A team has non-invasively visualised the light-sensing cells in the back of the eye, known as photoreceptors, in greater detail than ever before. The researchers, led by scientists at the US National Eye Institute (NEI), report how they improved imaging resolution by a third by selectively blocking the light used to image the eye. 

According to the team, the achievement is the latest in an evolving strategy to monitor cell changes in retinal tissue that, in turn, will help identify new ways to treat and prevent vision loss from diseases such as age-related macular degeneration, a leading cause of blindness in people age 65 and older.

“Better imaging resolution will enable better tracking of degenerative changes that occur in retinal tissue. The goal of our research is to discern disease-related changes at the cellular level over time, possibly enabling much earlier detection of disease,” said the study’s lead investigator, Dr Johnny Tam.

The two types of photoreceptors, called cones and rods, vary in size and density across the retina. Cone photoreceptors, while larger than rods, are harder to visualise when they are more tightly packed together as they are in the fovea, the region of the retina responsible for the highest level of visual acuity and colour discrimination. The entire landscape of cones and rods is referred to as the photoreceptor mosaic.

Retinal imaging

The mosaic of cone and rod photoreceptor cells is shown by confocal imaging (left) and split detection [credit: Dr Johnny Tam, NEI].

Advanced imaging systems are widely used for observing retinal tissue and are essential tools for diagnosing and studying retinal diseases. Even with adaptive optics retinal imaging, a technique that compensates for light distortions using deformable mirrors and computer-driven algorithms, there are still some areas of the photoreceptor mosaic that are challenging to image, the team say.

“Sometimes rods are hard to image because they are so small,” said first author of the paper, Dr Rongwen Lu. “By eliminating some of the light in the system, it actually makes it easier to see the rods. So in this case, less is more.”

By blocking the light that illuminates the eye in the middle of the beam, to create a ring of light (rather than a disk), the researchers improved the transverse resolution (across the mosaic). However, that came at the expense of axial resolution (mosaic depth). To compensate, the team blocked the light coming back from the eye using a super small pinhole, called a sub-Airy disk, which recovers the axial resolution that would have been lost using the ring of light alone.
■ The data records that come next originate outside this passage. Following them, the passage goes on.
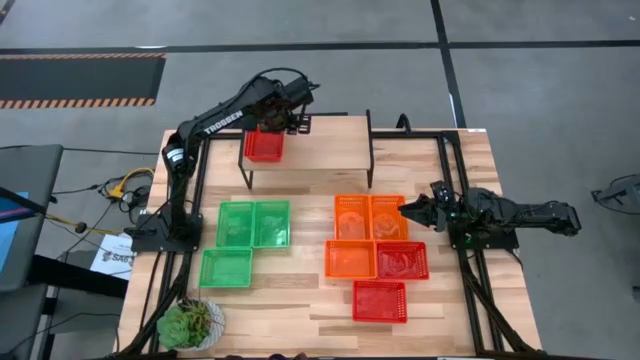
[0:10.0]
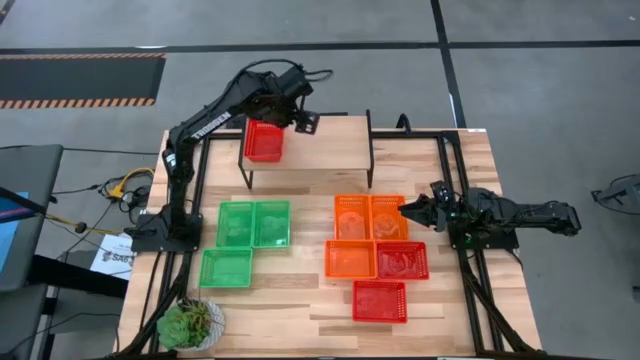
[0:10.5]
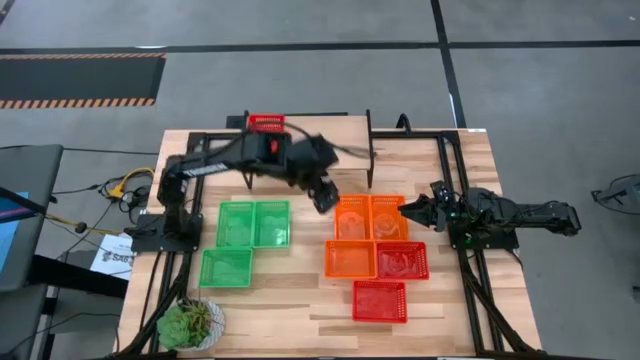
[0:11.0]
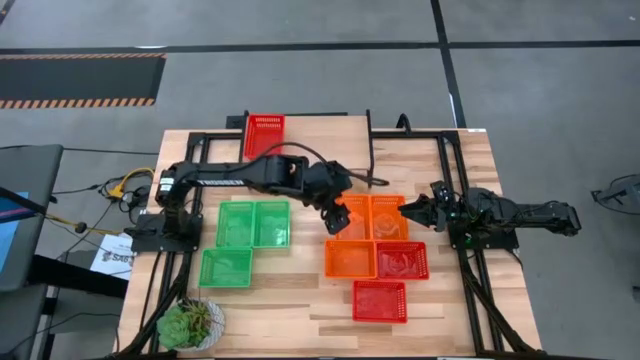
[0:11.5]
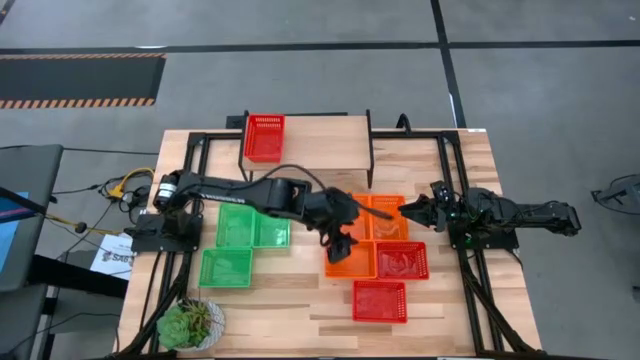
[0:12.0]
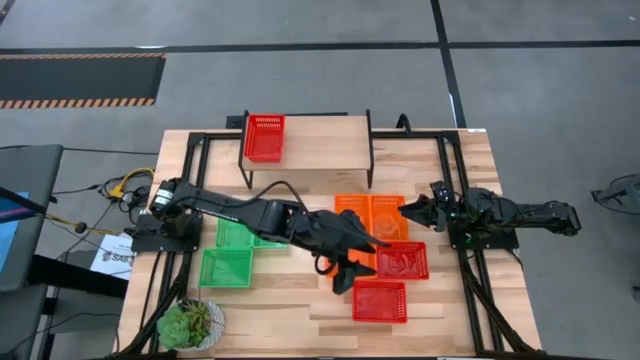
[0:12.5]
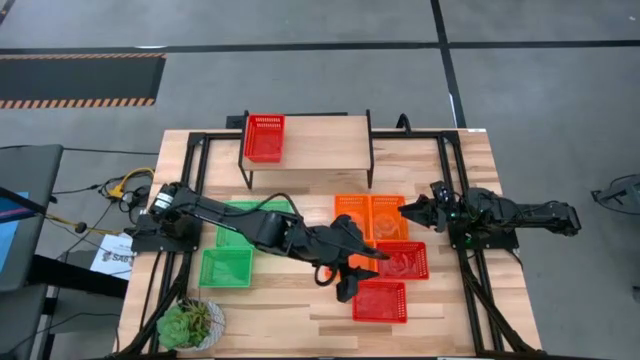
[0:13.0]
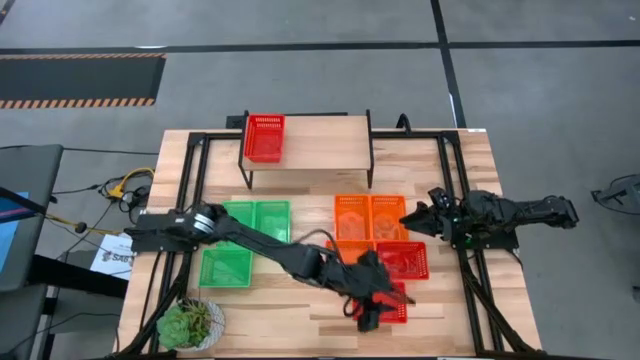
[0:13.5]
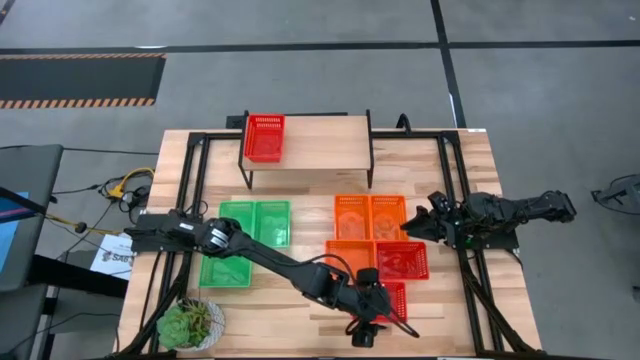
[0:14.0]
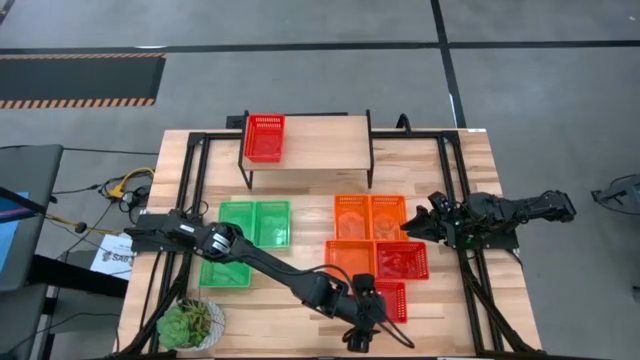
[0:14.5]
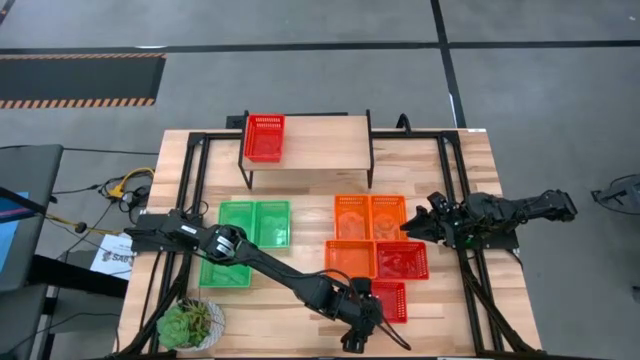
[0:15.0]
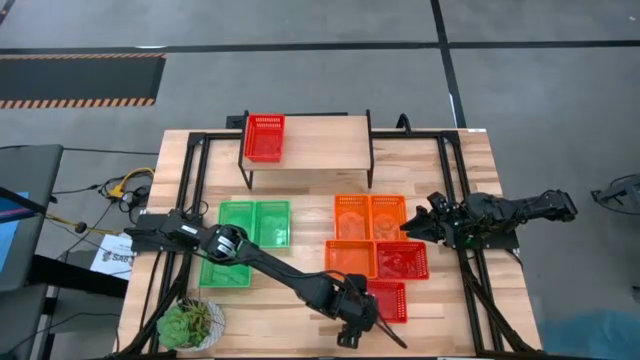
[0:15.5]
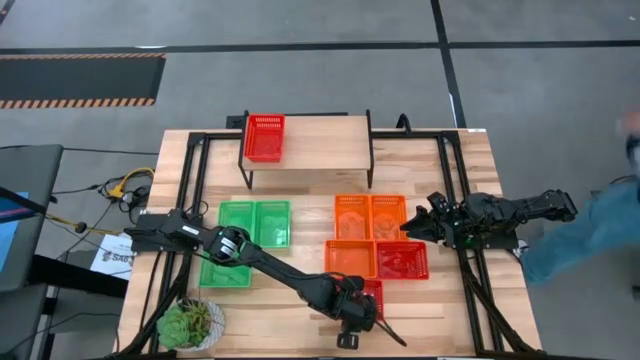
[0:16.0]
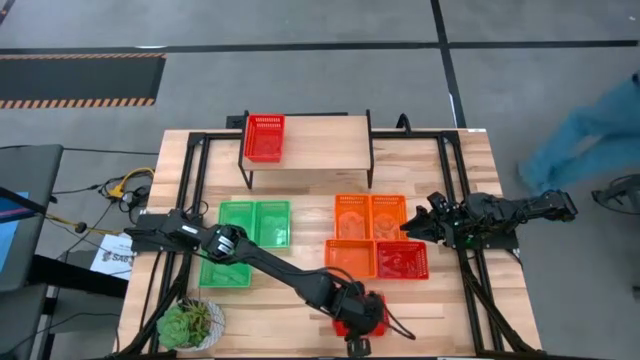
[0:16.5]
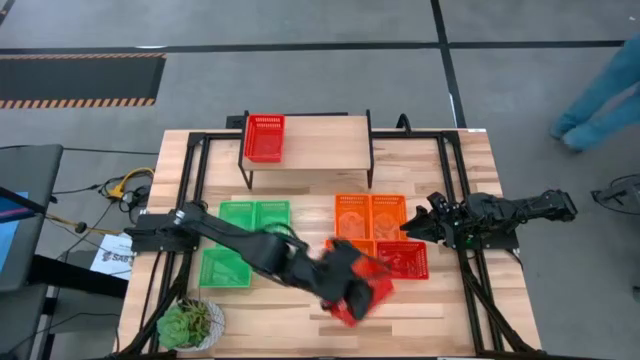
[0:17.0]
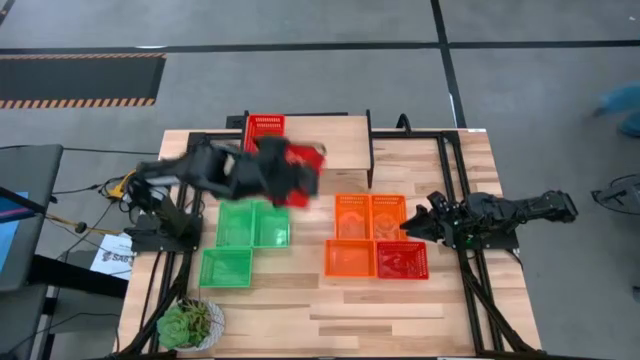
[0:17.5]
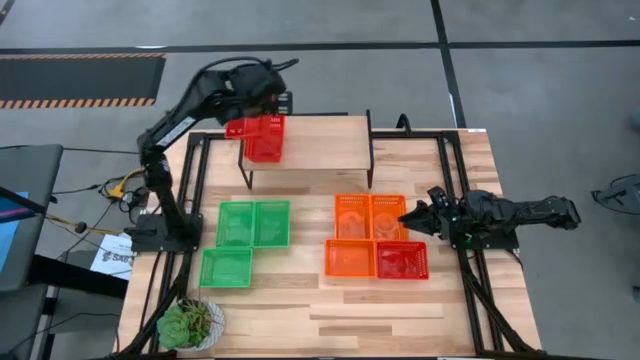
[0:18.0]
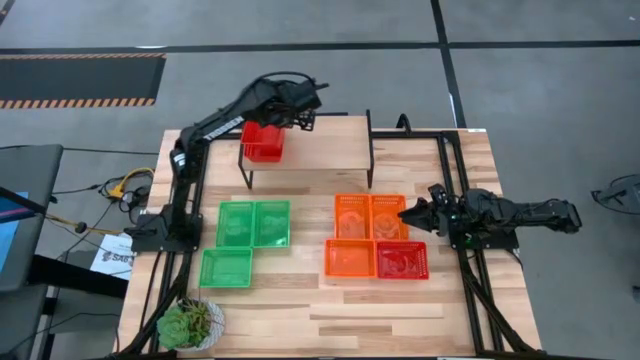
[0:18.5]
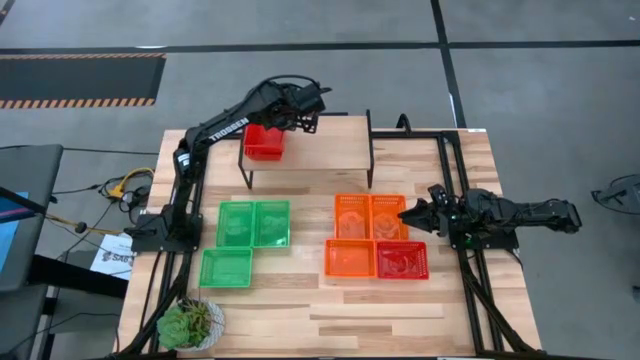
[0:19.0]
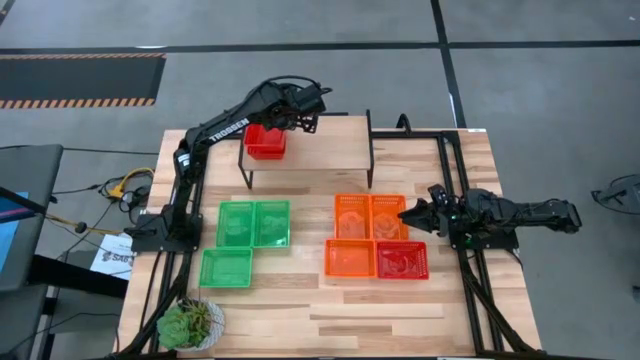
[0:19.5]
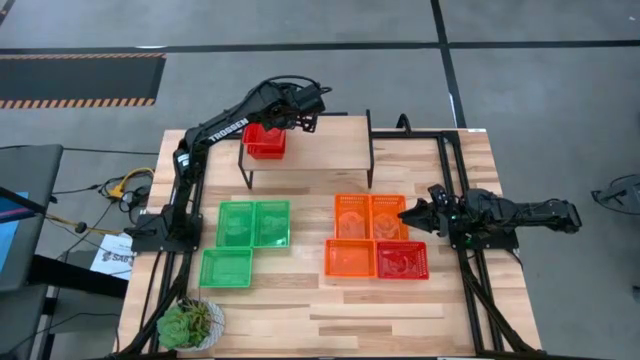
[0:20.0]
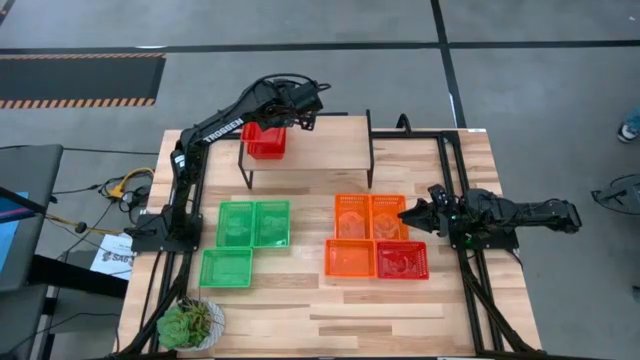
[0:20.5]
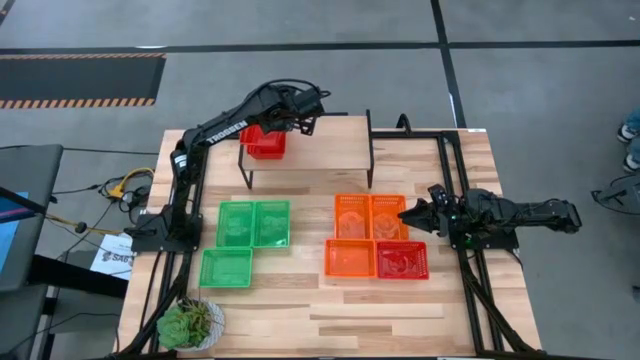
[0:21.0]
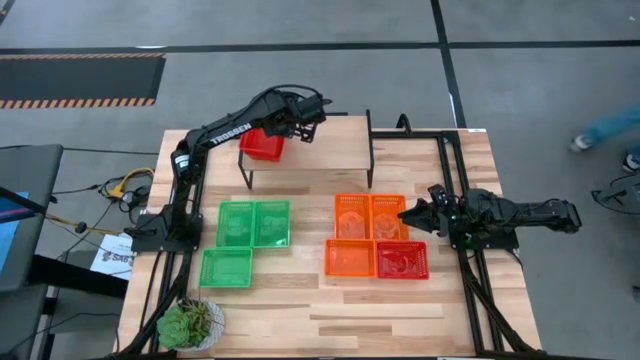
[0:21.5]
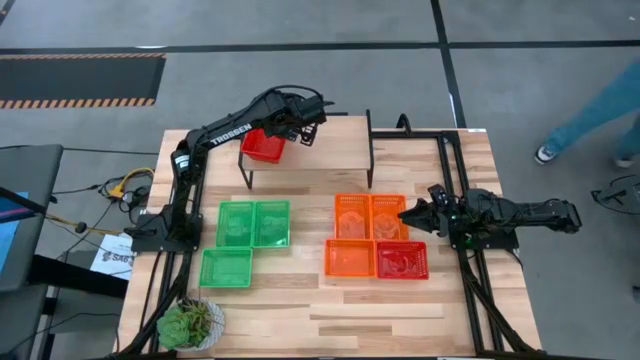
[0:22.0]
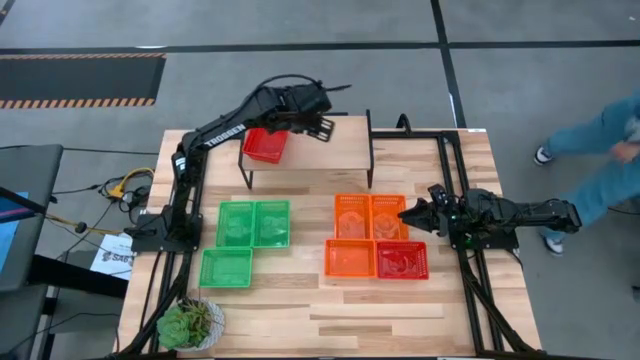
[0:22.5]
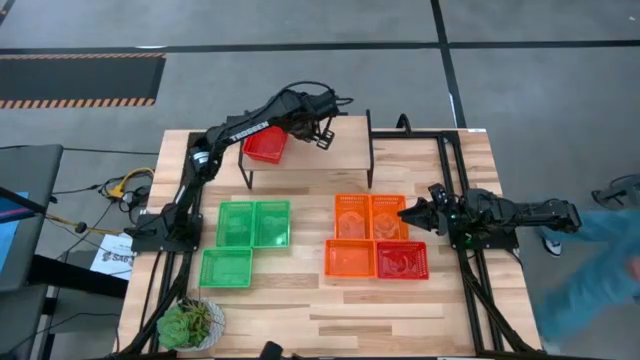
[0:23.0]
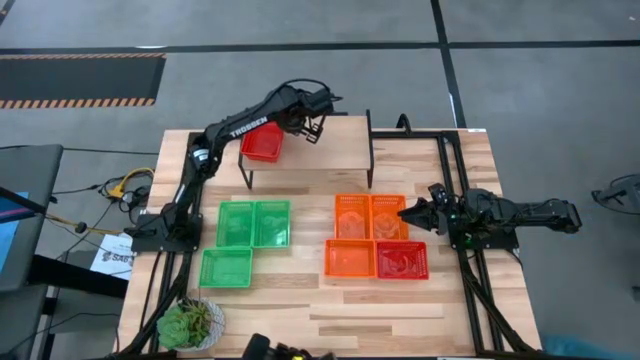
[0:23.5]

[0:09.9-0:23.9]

Combining the ring illumination with the sub-Airy disk imaging results in the best visualisation. The tweaked technique yields about a 33 percent increase in resolution, which made it much easier to see rods, as well as subcellular details within cones.

The team say the new technique also enhanced the visualisation of the photoreceptor mosaic with another technique called non-confocal split-detection, which is yet another type of microscopy that provides a complementary view of the photoreceptor mosaic.